So saying, it raised its feet from the floor, leaned back, and resumed the traditional Cocytan resting position, prone on its back, winglets outspread to both sides.

“I tire of this new life, as I have tired of all that have gone before. I choose not to think. Leave me now, and if you would respect my intelligence as I have respected yours, do not inflict the pain of consciousness on me again. It is time for me to not be.” The slim, magisterial head turned slightly toward them.

“Go now, and I hope you find your way home. My entire species could not.”

“We don’t know how to thank you.” Robbins spoke quickly, conscious of the gravity of the moment.

Eyes full of wisdom flickered as the life force began to wane. The voice was an echo of what it had been earlier. “You are not home yet. When you reach your destination, thank me then.” Eyes closed, the voice silenced and breathing ceased. Once again, the great scientist-engineer was not.

Robbins wiped at her eyes. “I hope we didn’t impose on it too much. I wouldn’t like to go away thinking we’d caused it any pain.”

“I wouldn’t worry about it.” Low was firmly prosaic. “It’s dead now. Again. That’s what it wanted.” He turned to look in the direction of the exit. “Now maybe we can get what we want.”

They left the tomb then—a silent, lifeless, hut somehow not at all tragic place. They were forced to pause for a while in the passageway while the contentious guardians fought their way across the central chamber. As they sprinted across the deserted floor, Low wondered if the two combatants would fight until their internal mechanisms ran down, or if one would finally succeed in overpowering the other. It might happen tomorrow, next week or next year. Or the salutary effect of the life crystals might simply give out. It didn’t matter, since he hoped he would never have to return to this island.

It took less than twenty minutes to find the necessary fourth plate. As soon as they had it safely extracted from the exhibit in which it had been half buried, something deep inside moved him to turn and face the pyramidal sarcophagus. Raising the edge of his stiffened right hand slowly to his forehead, he snapped it down smartly in the first formal salute he had performed in many years. Then he turned to Robbins.

“Right. We can go now.”

Low hefted the precious plate as they made their way back to the transport tunnel. By now he felt as comfortable in the rolling sphere as he did on the subway back home. No, that wasn’t quite true, he corrected himself. He felt more comfortable. There were no aggressive panhandlers, no forlorn students, no gang-bangers and no graffiti.

As they raced silently and comfortably toward the central island, he stared through the transparent wall of the spinning sphere and squinted, half imagining he could see destination signs painted on the dark walls. It was an ephemeral, childish fantasy, but one he was able to enjoy for several minutes.

An unusually pensive Robbins interrupted his reverie. “You know, Boston, we were pretty selfish back there, all wrapped up in trying to figure out a way to get back to Earth. There were so many questions we could have asked the Cocytan. So many things people have wondered about for thousands of years that it probably could have resolved with a shrug or a few words.”

“Like what?” He continued to squint at the tunnel walls.

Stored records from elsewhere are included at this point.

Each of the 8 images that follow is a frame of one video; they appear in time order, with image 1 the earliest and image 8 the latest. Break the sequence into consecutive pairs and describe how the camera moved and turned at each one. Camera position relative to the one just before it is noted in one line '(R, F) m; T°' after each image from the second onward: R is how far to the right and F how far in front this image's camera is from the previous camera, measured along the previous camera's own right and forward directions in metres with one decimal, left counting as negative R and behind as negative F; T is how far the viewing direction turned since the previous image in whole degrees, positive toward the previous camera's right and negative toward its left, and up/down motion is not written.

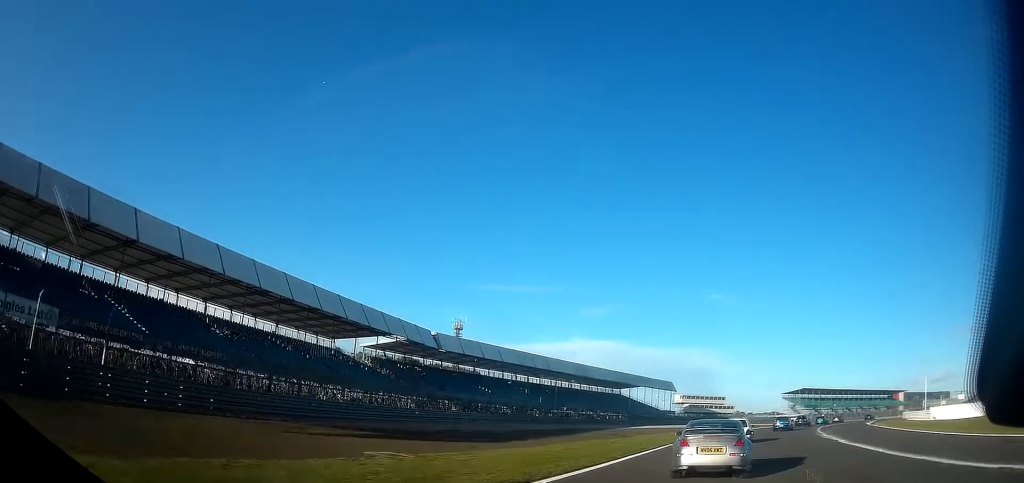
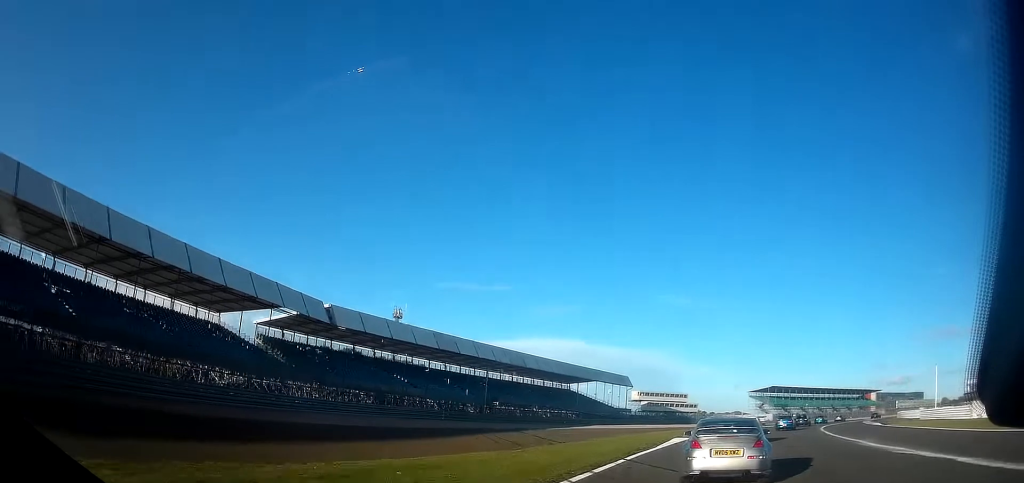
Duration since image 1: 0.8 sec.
(+0.5, +16.4) m; +4°
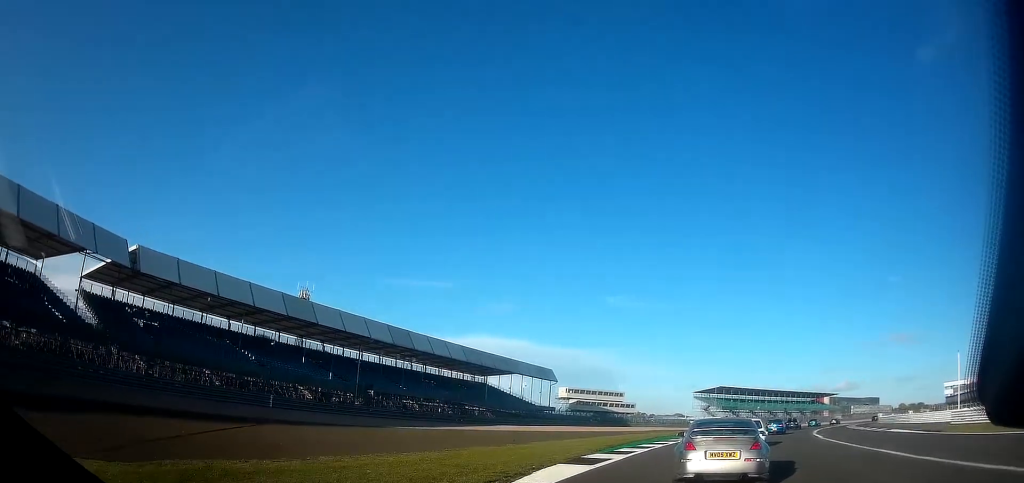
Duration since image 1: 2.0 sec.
(+1.0, +20.2) m; +5°
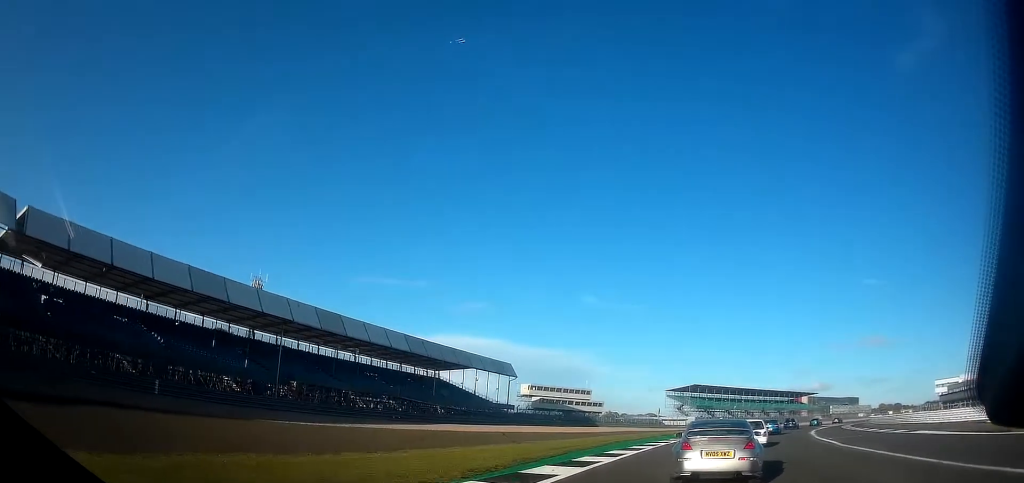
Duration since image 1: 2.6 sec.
(+0.2, +10.4) m; +2°
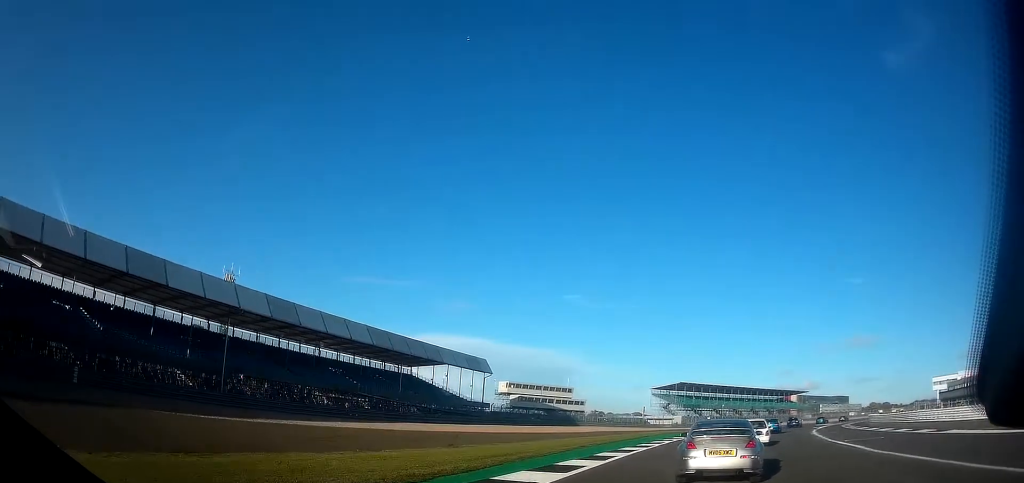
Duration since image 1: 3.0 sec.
(+0.2, +6.7) m; +2°
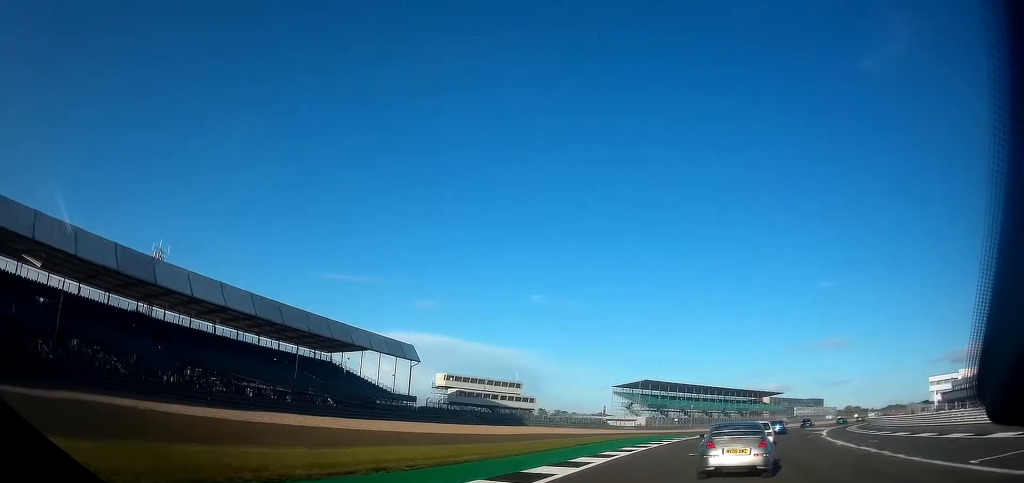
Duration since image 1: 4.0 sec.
(+0.8, +17.8) m; +5°
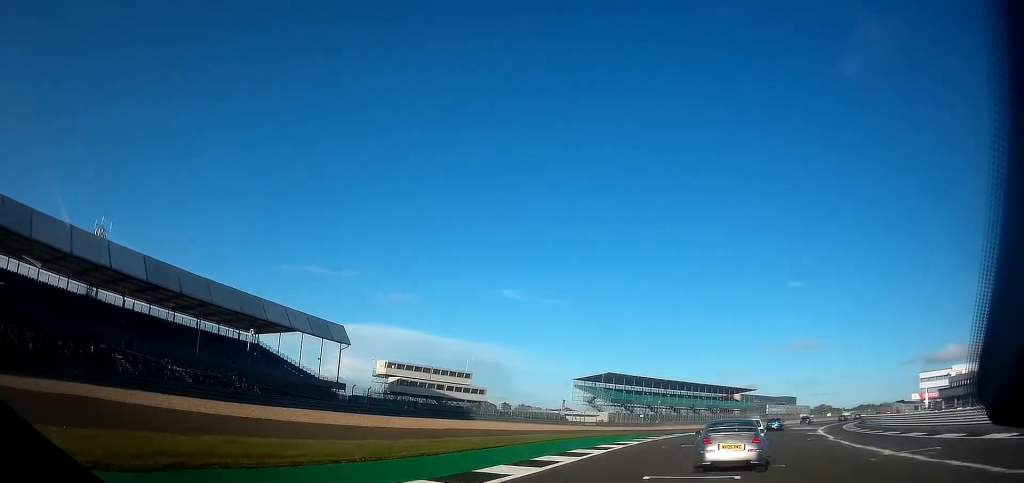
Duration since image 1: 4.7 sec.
(+0.3, +11.2) m; +2°
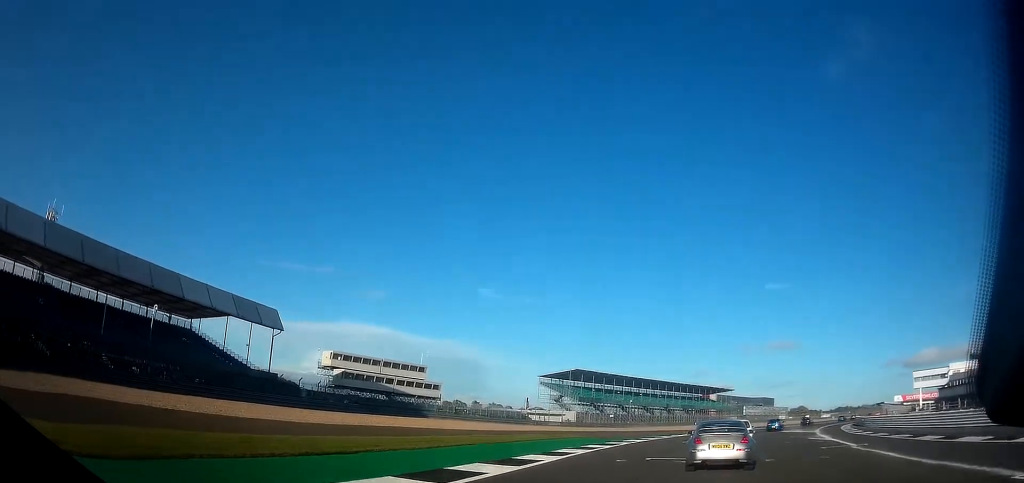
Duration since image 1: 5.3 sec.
(0.0, +9.8) m; +1°
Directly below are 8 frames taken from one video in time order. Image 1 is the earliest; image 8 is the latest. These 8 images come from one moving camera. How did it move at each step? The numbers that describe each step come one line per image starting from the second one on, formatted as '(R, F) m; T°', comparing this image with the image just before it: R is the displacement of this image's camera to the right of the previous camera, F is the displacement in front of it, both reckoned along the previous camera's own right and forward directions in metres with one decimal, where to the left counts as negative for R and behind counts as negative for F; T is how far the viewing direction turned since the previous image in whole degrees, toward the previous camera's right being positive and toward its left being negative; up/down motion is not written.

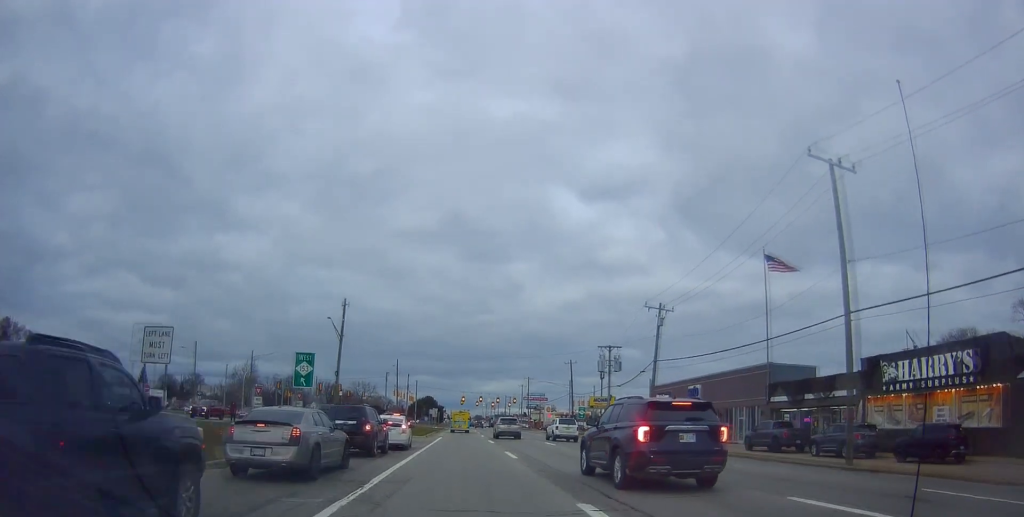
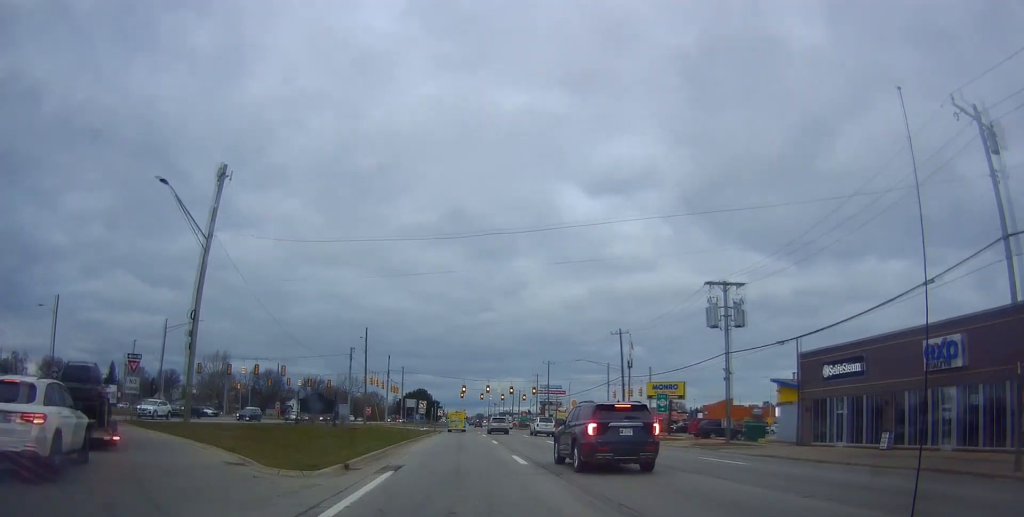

“Oh, like, what is the meaning of life? How big is the universe?”

“Where are the cookies?” he added, making her smile. “I didn’t know telejournalists pondered such weighty matters. I thought if it wasn’t sexy, or with it or of the moment, then it wasn’t relevant. Reflection isn’t something I associate with modern news coverage.”

If she was hurt by his appraisal, she didn’t show it. “It has nothing to do with modern news coverage. Those are questions I would’ve asked, if I’d thought of them in time.”

Low shook his head dubiously. “I never heard a journalist ask questions like that.”

“Who would you ask them of?” She reminisced. “The people I’m told to interview, the stories I’m assigned to cover, don’t have much in common with the great questions. All I’d have to do is devote one show to a story on ‘the meaning of life’ and I’d find myself back in Topeka reading the morning farm reports so fast, it’d make your head spin. Which is where and how I got my start, by the way.

“The network isn’t interested. They don’t like for their reporters and anchorfolk to appear too much smarter than the individual on the street. You think an audience would watch?” She didn’t wait for him to respond, and he knew that he wasn’t expected to. “That doesn’t mean that I can’t be interested.”

He opened his eyes all the way. The fanciful station signs for Fisherman’s Wharf, Chinatown, the Financial District, Berkeley and points east vanished from his imagination and his inner eyelids at the same time.

“I’m sorry, Maggie. I’ve been underestimating you and over-categorizing you ever since the start of the mission.”

“Forget it. Not only am I used to it, I’m guilty of it myself. For example, when we started out, I thought you were a stiff, humorless, dry, emotionless robot. Now I see that you’re not dry at all.” She grinned and he returned the favor.

She had a beautiful smile, he decided. Perfect teeth, as you would expect from an internationally famous telejournalist. Accumulated grime and sweat couldn’t detract from the beauty of her skin. Her hair was a mess, but her eyes glistened like sapphire cabochons. Her lips were…

He turned away. Light had appeared at the end of the tunnel, signifying their approach to the central island.

Among the millions of monitoring thought-forms confusion, surprise and jubilation reigned in equal measure.

“They have spoken with the Creator and have found the fourth plate! They will use it to return to their world, and all will be as it has been.”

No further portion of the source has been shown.